---------- Data section ----------
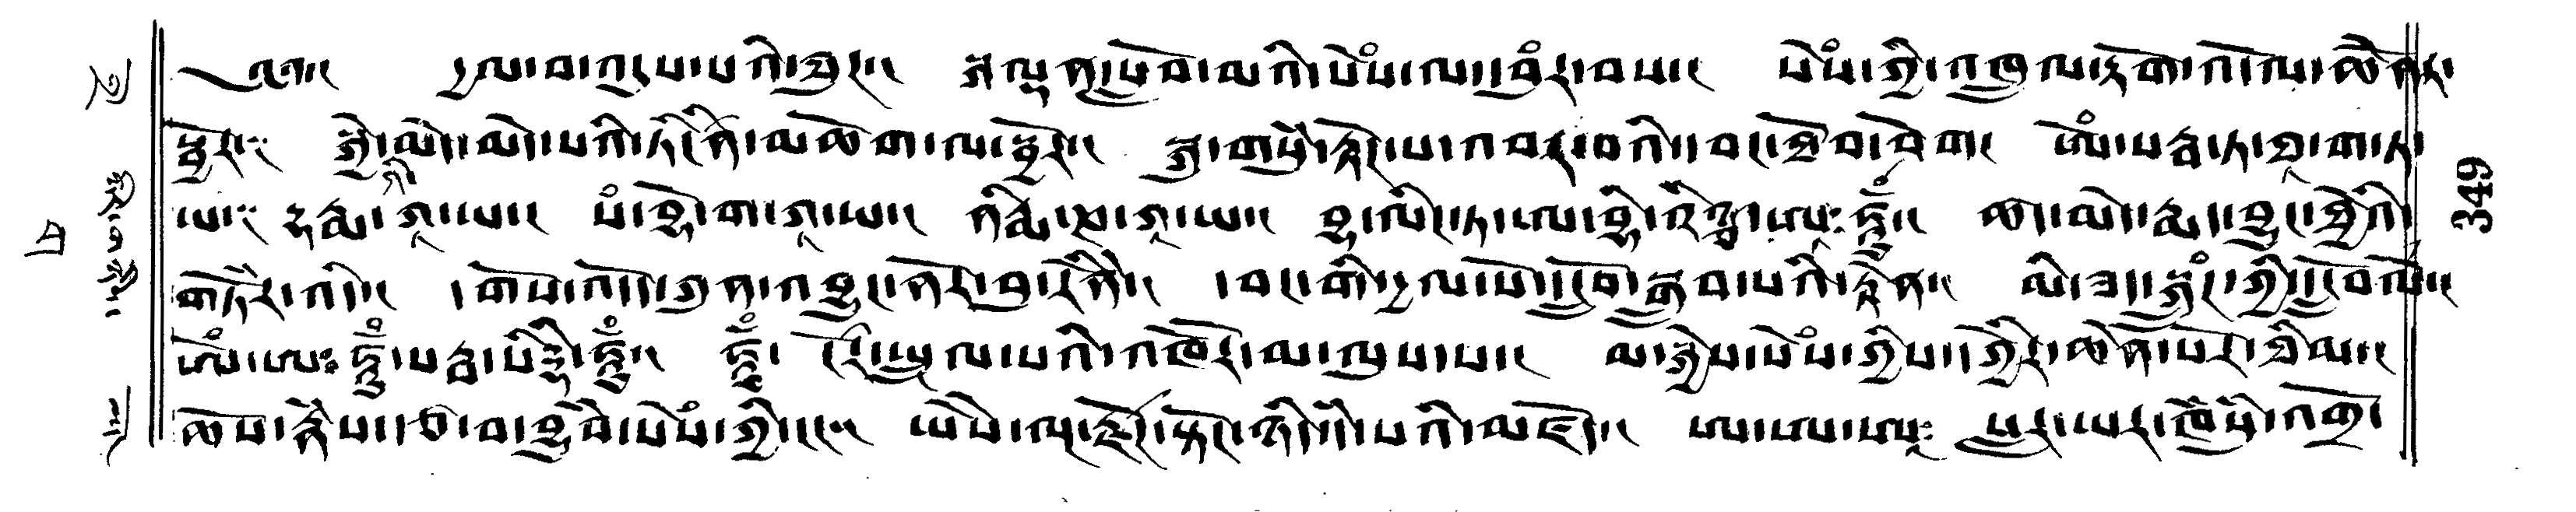རྒྱལ་བ་འདུས་པའི་ཐུགས། །སྐལ་ལྡན་སློབ་མའི་སེམས་ལ་དབང་བསྐུར་བས། །སེམས་ཀྱི་འཁྲུལ་རྟོག་འོད་གསལ་ཆེན་པོར་
སྦྱོར། །སྐྱེ་འཆི་མེད་པའི་ཏིང་འཛིན་མཆོག་ལ་སྦྱོར། །སྐུ་གསུམ་རྟོགས་པ་འབར་བའི་དབང་ཐོབ་ཤོག ཨོཾ་སརྦ་ཏ་ཐཱ་ག་ཏ་
ཡ། དྷརྨ་ཀཱ་ཡ། སཾ་བྷོ་ག་ཀཱ་ཡ། ནིརྨ་ཎ་ཀཱ་ཡ། བྷ་ལིང་ཏ་ཨ་བྷི་རིཉྩ་ཨ་ཧཱུྃ། ཚད་མེད་རྨད་བྱུང་ཐུགས་རྗེའི་
གཏོར་མ་འདི། །དགོས་འདོད་ཀུན་འབྱུང་ནོར་བུ་རིན་པོ་ཆེ། །དབང་གི་རྒྱལ་པོ་དངོས་གྲུབ་སྒྲུབ་པའི་རྟེན། །མི་ཟད་སྐུ་གསུང་ཐུགས་ཀྱི་དངོས་གྲུབ་སྩོལ། 
ཨོཾ་ཨཱསཿཧཱུྃ་སརྦ་སིདྡྷི་ཧཱུྃ། ཧཱུྃ། ངོ་མཚར་སྤྲུལ་པའི་འཁོར་ལོ་མ་ལུས་པ། །མ་སྐྱེས་སེམས་ཀྱི་དཀྱིལ་འཁོར་ཆེན་པོར་ཐིམ། །
ཆོས་རྣམས་རྩ་བ་བྱང་ཆུབ་སེམས་ཀྱི་ངང་། །ཡེ་ཤེས་ལྔ་རྫོགས་སྟོང་ཉིད་དམ་པའི་མཛོད། ཨ་ཨ་ཨཱཿ སླར་ཡང་ཁམས་གསུམ་འགྲོ་
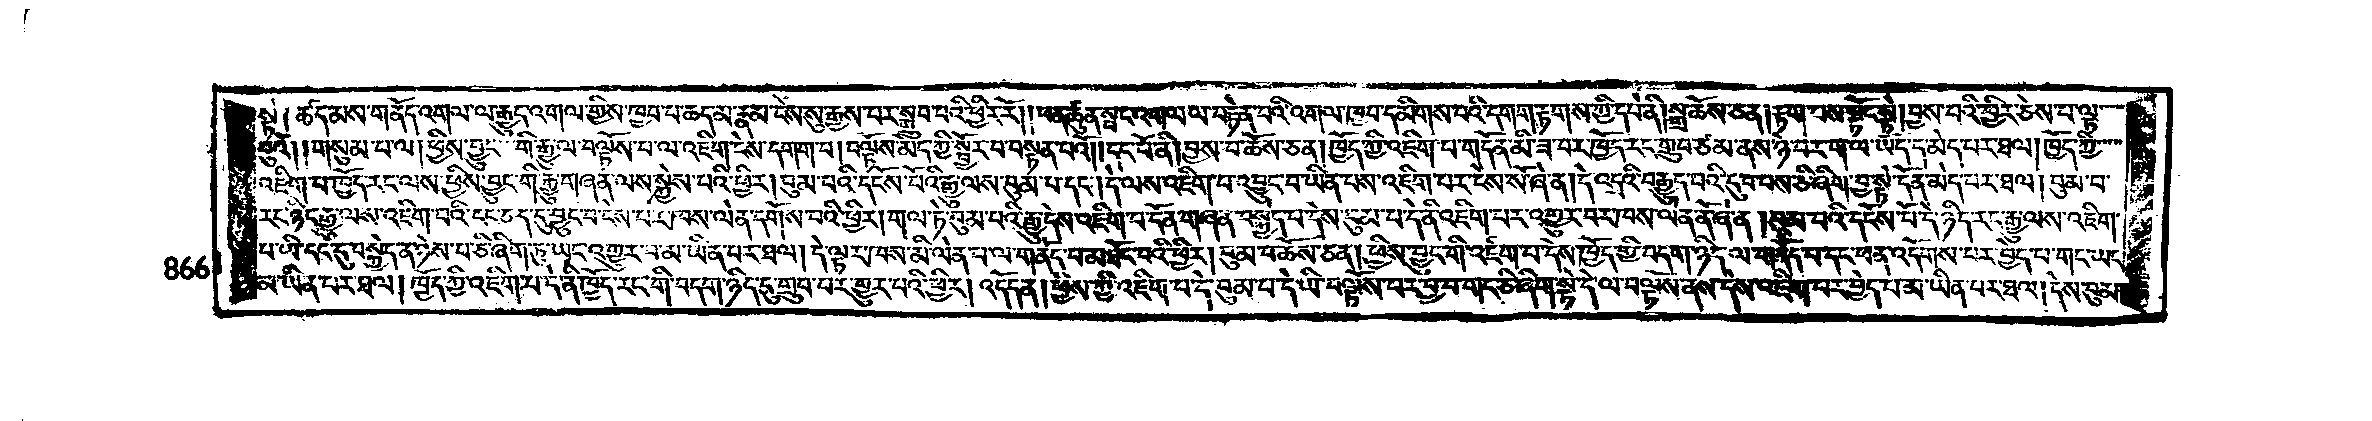སྟེ། ཚད་མས་གནོད་འགལ་ལ་རྒྱུད་འགལ་གྱིས་ཁྱབ་པ་ཚད་མ་རྣམ་ངེས་སུ་རྒྱས་པར་སྒྲུབ་པའི་ཕྱིར་རོ། །ཕན་ཚུན་སྤང་འགལ་ལ་བརྟེན་པའི་འགལ་ཁྱབ་དམིགས་པའི་དགག་རྟགས་ཀྱི་དཔེ་ནི། སྒྲ་ཆོས་ཅན། རྟག་པས་སྟོང་སྟེ། བྱས་པའི་ཕྱིར་ཅེས་པ་ལྟ་
བུའོ། །གསུམ་པ་ལ། ཕྱིས་བྱུང་གི་རྒྱུ་ལ་བལྟོས་པ་ལ་འཇིག་ངེས་དགག་པ། བལྟོས་མེད་ཀྱི་སྦྱོར་བ་བསྟན་པའོ། །དང་པོ་ནི། བྱས་པ་ཆོས་ཅན། ཁྱོད་ཀྱི་འཇིག་པ་གདོན་མི་ཟ་བར་ཁྱོད་རང་གྲུབ་ཙམ་ནས་ཉེ་བར་ག་ལ་ཡོད་དེ་མེད་པར་ཐལ། ཁྱོད་ཀྱི་
འཇིག་པ་ཁྱོད་རང་ལས་ཕྱིས་བྱུང་གི་རྒྱུ་གཞན་ལས་སྐྱེས་པའི་ཕྱིར། བུམ་པའི་དངོས་པོའི་རྒྱུ་ལས་བུམ་པ་དང་། དེ་ལས་འཇིག་པ་འབྱུང་བ་ཡིན་པས་འཇིག་པར་ངེས་སོ་ཞེ་ན། དེ་འདྲའི་བརྒྱུད་བའི་དུ་བ་པས་ཅི་ཞིག་བྱ་སྟེ་དོན་མེད་པར་ཐལ། བུམ་པ་
རང་ཉིད་རྒྱུ་ལས་འཇིག་པའི་དང་ཅད་དུ་བྱུང་བ་ངེས་པར་ཁས་ལེན་དགོས་པའི་ཕྱིར། གལ་ཏེ་བུམ་པའི་རྒྱུ་དེས་འཇིག་པ་དོན་གཞན་བསྐྱེད་པ་དེས་དུམ་པ་དེ་ནི་འཇིག་པར་འགྱུར་བར་ཁས་ལེན་ནོ་ཞེ་ན། བུམ་པའི་དངོས་པོ་དེ་ཉིད་རང་རྒྱུ་ལས་འཇིག་
པ་ཡི་དང་དུ་བསྐྱེད་ན་ཉེས་པ་ཅི་ཞིག་ཏུ་ཡང་འགྱུར་བ་མ་ཡིན་པར་ཐལ། དེ་ལྟར་ཁས་མི་ལེན་པ་ལ་གནོད་པ་མཐོང་བའི་ཕྱིར། བུམ་པ་ཆོས་ཅན། ཕྱིས་བྱུང་གི་འཛག་པ་དེས་ཁྱོད་ཀྱི་བདག་ཉིད་ལ་གནོད་པ་དང་ཕན་འདོགས་པར་བྱེད་པ་གང་ཡང་
མ་ཡིན་པར་ཐལ། ཁྱོད་ཀྱི་འཇིག་པ་དེ་ནི་ཁྱོད་རང་གི་བདག་ཉིད་དུ་གྲུབ་པར་གྱུར་པའི་ཕྱིར། འདོད་ན། ཕྱིས་ཀྱི་འཇིག་པ་དེ་བུམ་པ་དེ་ཡི་བལྟོས་པར་བྱ་བ་གང་ཅི་ཞིག་སྟེ་དེ་ལ་བལྟོས་ནས་དེས་འཇིག་པར་བྱེད་པ་མ་ཡིན་པར་ཐལ། དེས་བུམ་
----------
What you should do :: Skip every picture and return the lines above from the top through the one that contains "ཡ། དྷརྨ་ཀཱ་ཡ། སཾ་བྷོ་ག་ཀཱ་ཡ།".

Task output ::
རྒྱལ་བ་འདུས་པའི་ཐུགས། །སྐལ་ལྡན་སློབ་མའི་སེམས་ལ་དབང་བསྐུར་བས། །སེམས་ཀྱི་འཁྲུལ་རྟོག་འོད་གསལ་ཆེན་པོར་
སྦྱོར། །སྐྱེ་འཆི་མེད་པའི་ཏིང་འཛིན་མཆོག་ལ་སྦྱོར། །སྐུ་གསུམ་རྟོགས་པ་འབར་བའི་དབང་ཐོབ་ཤོག ཨོཾ་སརྦ་ཏ་ཐཱ་ག་ཏ་
ཡ། དྷརྨ་ཀཱ་ཡ། སཾ་བྷོ་ག་ཀཱ་ཡ། ནིརྨ་ཎ་ཀཱ་ཡ། བྷ་ལིང་ཏ་ཨ་བྷི་རིཉྩ་ཨ་ཧཱུྃ། ཚད་མེད་རྨད་བྱུང་ཐུགས་རྗེའི་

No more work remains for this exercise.